Hi, i am working on something similar and was looking for ways how i can host my open data. the approach seems interesting, can i reach out to you to discuss more on this somewhere?
Tools like Dagster, dbt, and AWS Glue always strike me as built for BI/in-house analytics over user & app-generated data.
What do people use for ingesting data from end-users, their transactional CRUD to it too, and then OLAP queries triggered (not written) by and for those same end users?
I only skimmed the article due to its length. But I didn't see anything like a comparison to other toolchains. Like, how is this better/different/worse than Airflow + dbt + Snowflake?
Snowflake isn't local, you have to pay for cloud ... Airflow is Airflow, complexity, steep learning curve, there is a whole industry trying to be as/more powerful than Airflow with less complexity and cleaner integration with modern things you might want to do like k8s, although of course Airflow is still super popular and powerful.
the Dagster folks have some comparisons, of course there are popular modern alternatives other than Dagster
Far more helpful to me than these essays on the benefits of a particular paradigm is a simple, minimal example in a repo that I can dig into and explore.
It just seems like one choice, among many. The dagster-dbt library in particular seems like a slightly pointless wrapper around the dbt cli and the json artifacts it creates. I've been using airflow and astronomer-cosmos which is not perfect but I didn't enjoy using dagster last time I tried.
We (Aleksandar and Georg) want to share our new blog post on: "Dagster, dbt, DuckDB as new local MDS" here.
It re-introduces the local environment to enhance the developer productivity for data pipelines by bringing back software engineering best practices.

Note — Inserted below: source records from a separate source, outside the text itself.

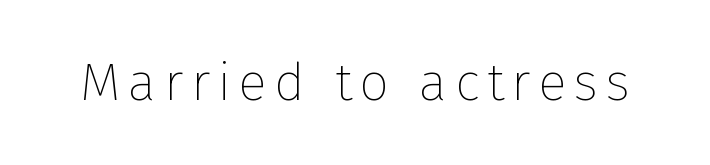
Ascenders rise straight up at ninety degrees. The specimen omits any rule beneath the text block's lines. The letters carry no serifs — their stems end cleanly without finishing strokes. Stroke thickness stays within the range of a standard reading face or lighter. The passage shown is typed in a proportional face where columns would drift.
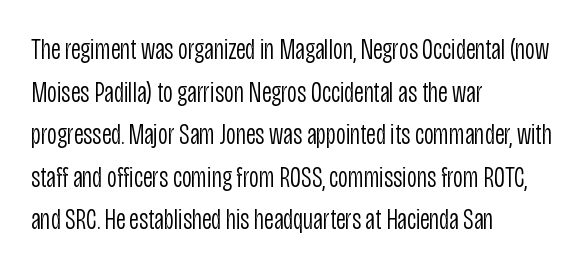
Q: Is the text bold? A: No.
Q: Is the text italic (slanted)? A: No, it is upright.
Q: Is the typeface a serif or a sans-serif typeface? A: Sans-serif.
Q: Is the text underlined? A: No.
Q: How is the paragraph aligned? A: Left-aligned.
Q: Is the spacing between letters normal or unusually wide? A: Normal.
Q: Is the spacing between lines tight, normal or loose? A: Normal.
Q: Width (condensed, normal, or wide)? A: Condensed.
Q: Stroke contrast? A: Low.
Q: x-height? A: Large.
Q: Monospaced? A: No.

We suggest that PaaS platforms should become an implementation detail and refine the new local stack with great a data consumer experience by combining the best of both worlds.
Hey Georg, thanks for posting. I've been working on building a thing with almost the same stack lately and the Dagster integration is my next large-ish step. In the last couple weeks I've kicked around Duck and Clickhouse for the backend. It's been a lot of fun. Ultimately I'd like something that can be run locally or easily installed and run on a PaaS.
The only trick with local is that data sets of any appreciable size take ages to pull down, at least here in the US with our terrible internet (in the average Italian mountain village this would probably work great).
Well local can mean your laptop. But could mean your local server. However, it can also mean a VM on your cloud provider of choice colocated to the object store.
In such a case the network transfer (for many cases) can be almost irrelevant - at least for up to medium-ish sized datasets.
I use DuckDB, it's a great piece of tech. Only way I could figure out how to use it though was to read the source (found a few interesting bugs while doing so as well)
As the other poster mentioned, DBT is an open core product and I'm not sure how you'd use the cloud service on a local DB install anyway. Airflow and DBT don't really do the same things anyway.
DBT is open source and can be used entirely for free. They sell a hosted version.
Also DBT and Airflow are different tools, aimed at solving completely different problems. The Airflow competitor in this article is Dagster, which is also open source.
1. Usually, you want to run some warehouse all the time. Bring their data through ETL, run transformation, and report. This goes against the local environment. Ideally, I would love a cloud warehouse, which each engineer could easily fork to their laptop.
2. Almost all companies already have some data setup. The migration path is very unclear. Most likely, this is a secondary system for the majority of companies. Ideally, I would love to describe how I can use it along big platforms (e.g. BigQuery or Snowflake).